- MATERIAL PROVIDED -
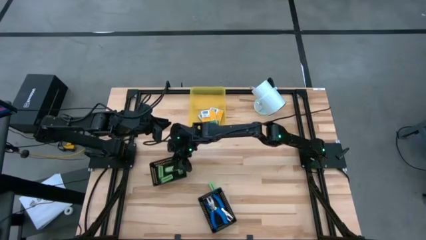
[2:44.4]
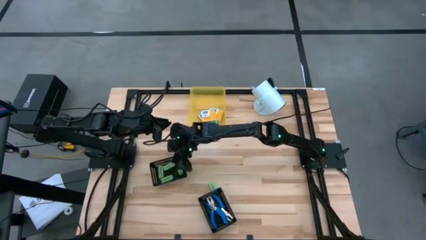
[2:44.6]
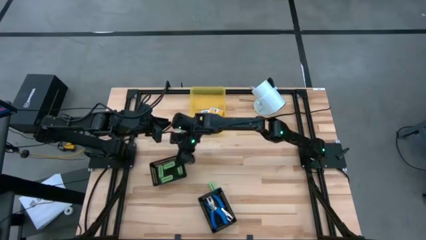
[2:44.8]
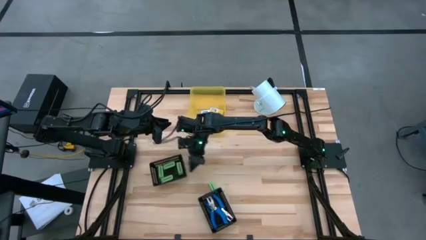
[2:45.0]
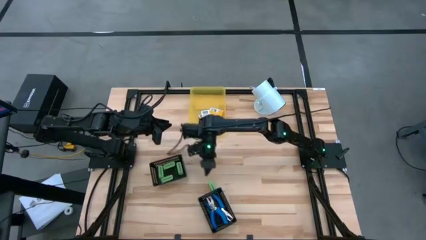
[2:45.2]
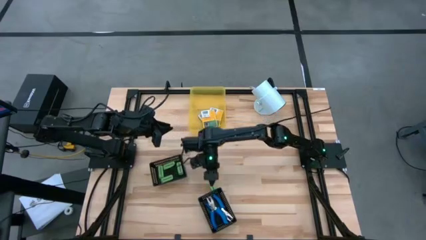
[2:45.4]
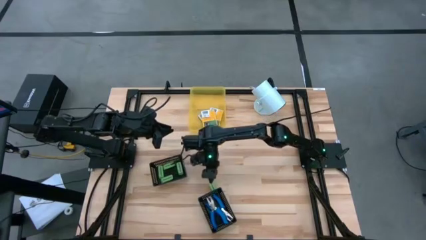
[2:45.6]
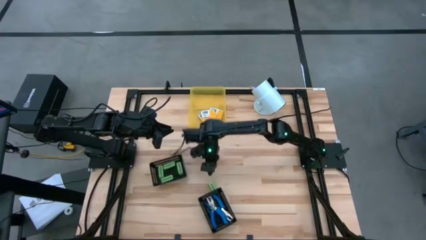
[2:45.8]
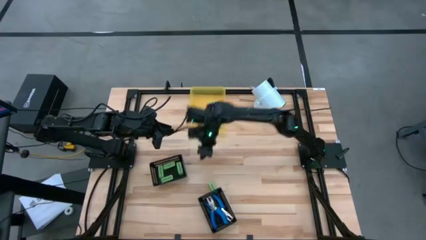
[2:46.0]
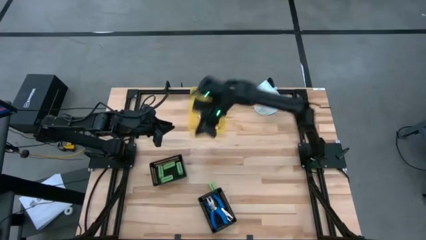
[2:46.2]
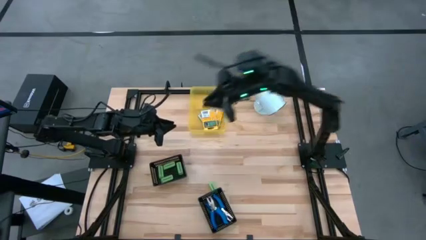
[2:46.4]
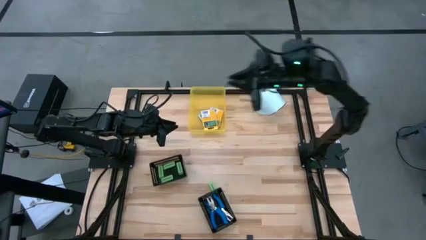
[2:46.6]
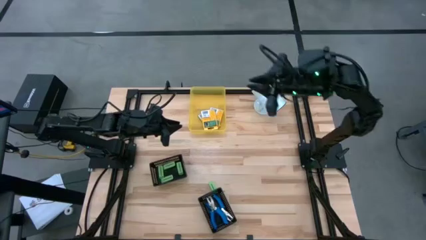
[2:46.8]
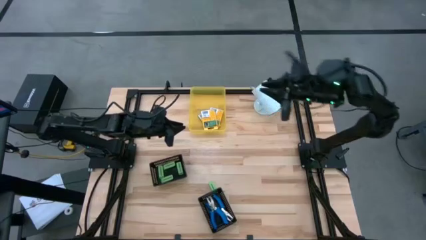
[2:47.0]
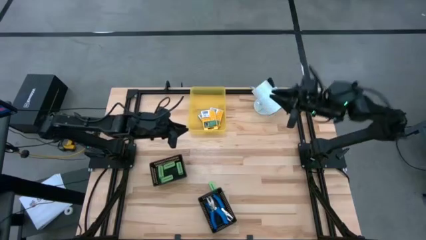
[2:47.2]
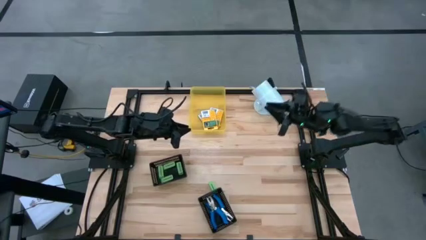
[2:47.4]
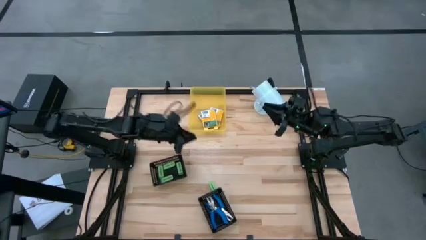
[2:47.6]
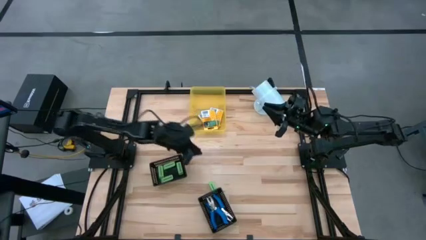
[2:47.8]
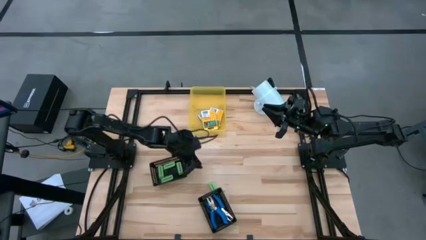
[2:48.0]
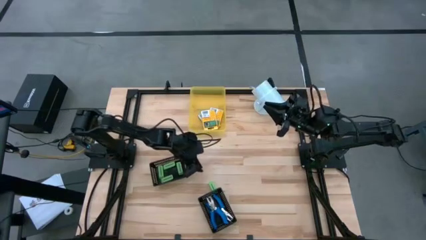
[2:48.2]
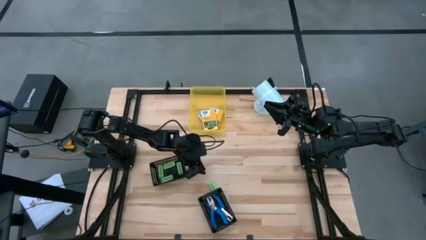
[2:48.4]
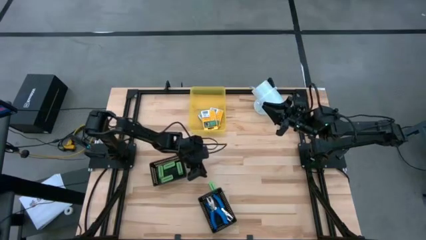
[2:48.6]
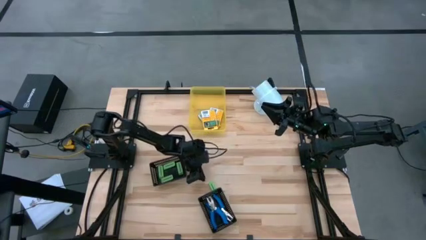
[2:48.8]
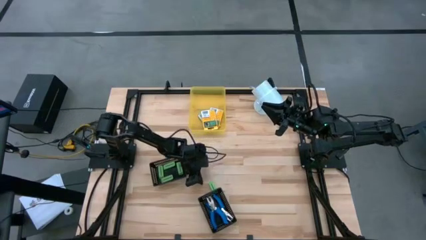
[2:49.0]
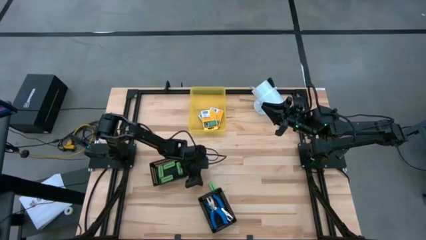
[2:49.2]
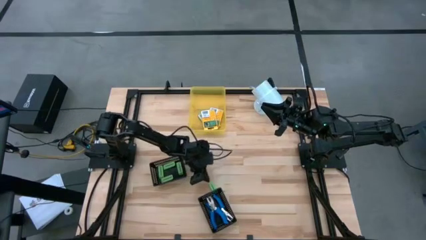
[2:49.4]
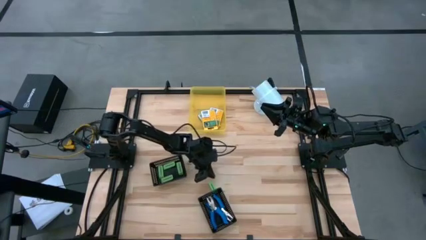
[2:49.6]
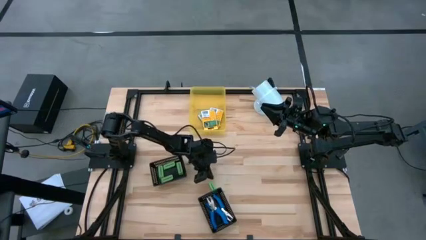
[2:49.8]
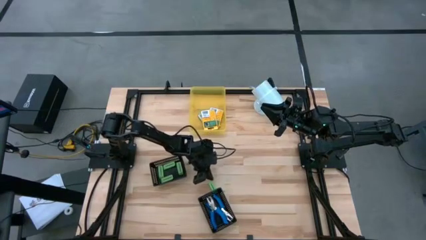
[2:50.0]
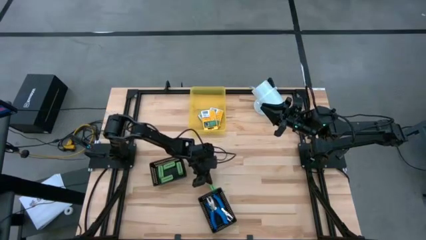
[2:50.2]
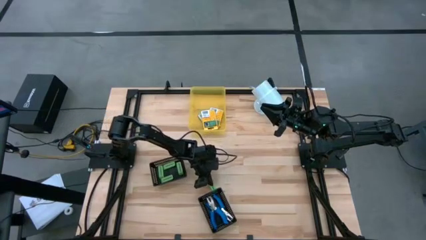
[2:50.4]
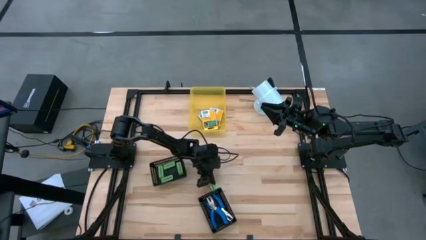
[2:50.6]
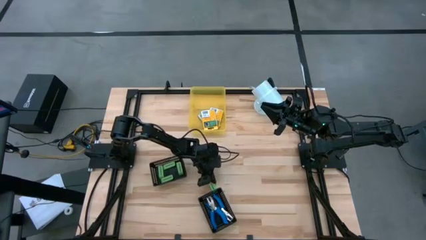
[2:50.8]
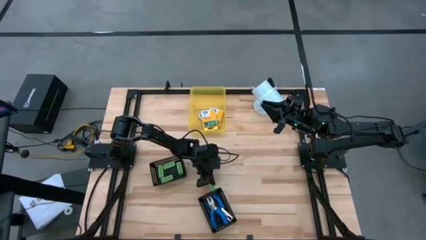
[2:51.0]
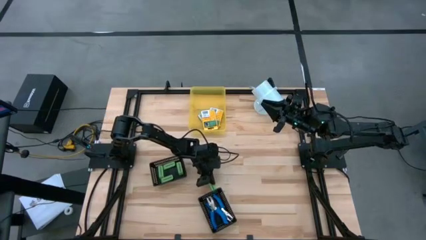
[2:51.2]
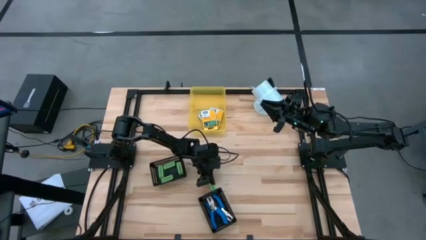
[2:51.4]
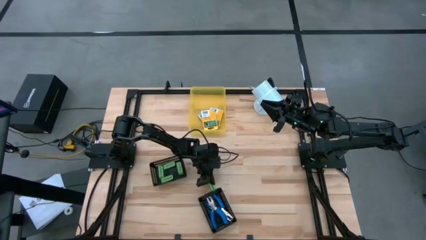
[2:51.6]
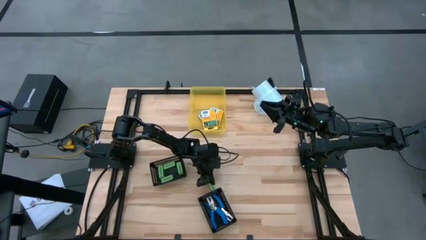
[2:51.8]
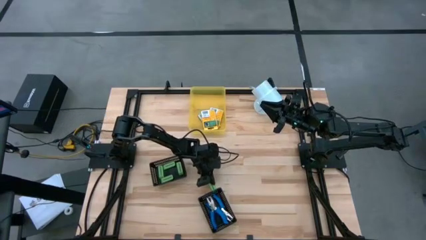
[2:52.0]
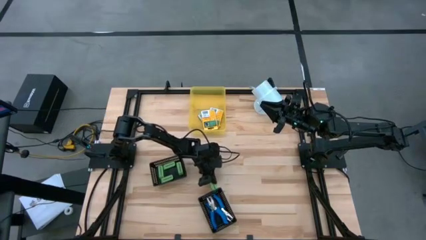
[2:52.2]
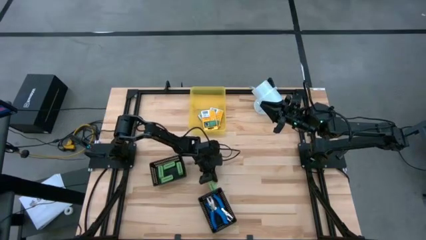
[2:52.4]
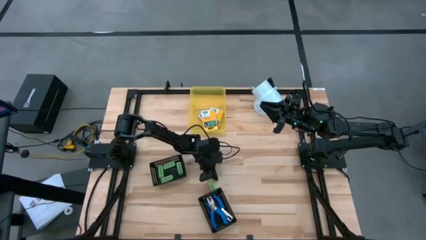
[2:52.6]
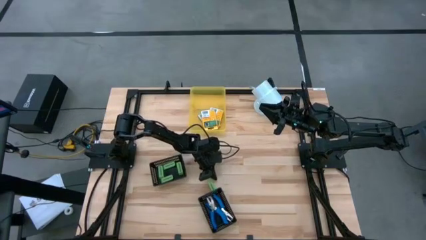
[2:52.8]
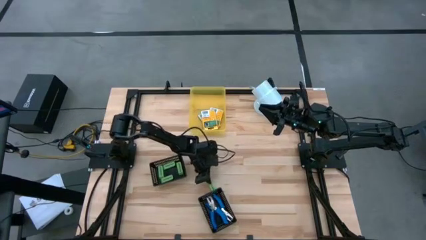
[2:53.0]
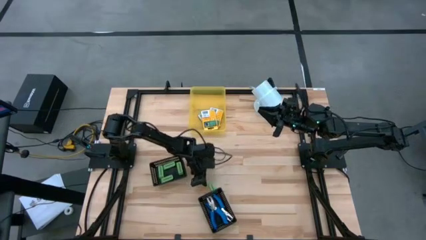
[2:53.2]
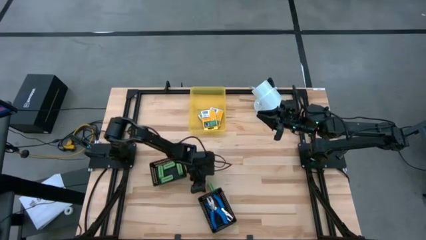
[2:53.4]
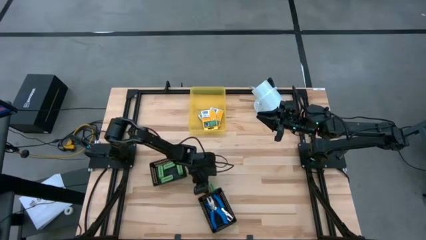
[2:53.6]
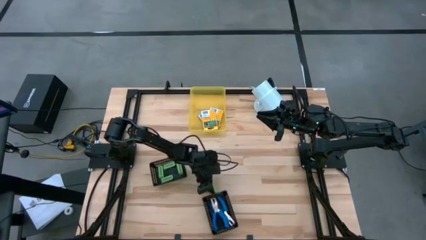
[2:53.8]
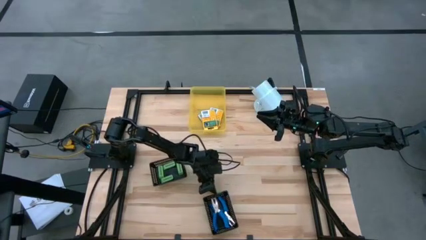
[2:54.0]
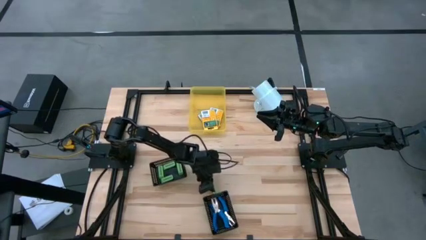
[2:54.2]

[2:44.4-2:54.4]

- GOAL OF THE EXERCISE -
Copy all the lines of data exactly as they appear, dropping any images.

- RESPONSE BOX -
[2:44.4]
[2:44.6]
[2:44.8]
[2:45.0]
[2:45.2]
[2:45.4]
[2:45.6]
[2:45.8]
[2:46.0]
[2:46.2]
[2:46.4]
[2:46.6]
[2:46.8]
[2:47.0]
[2:47.2]
[2:47.4]
[2:47.6]
[2:47.8]
[2:48.0]
[2:48.2]
[2:48.4]
[2:48.6]
[2:48.8]
[2:49.0]
[2:49.2]
[2:49.4]
[2:49.6]
[2:49.8]
[2:50.0]
[2:50.2]
[2:50.4]
[2:50.6]
[2:50.8]
[2:51.0]
[2:51.2]
[2:51.4]
[2:51.6]
[2:51.8]
[2:52.0]
[2:52.2]
[2:52.4]
[2:52.6]
[2:52.8]
[2:53.0]
[2:53.2]
[2:53.4]
[2:53.6]
[2:53.8]
[2:54.0]
[2:54.2]

[2:44.4-2:54.4]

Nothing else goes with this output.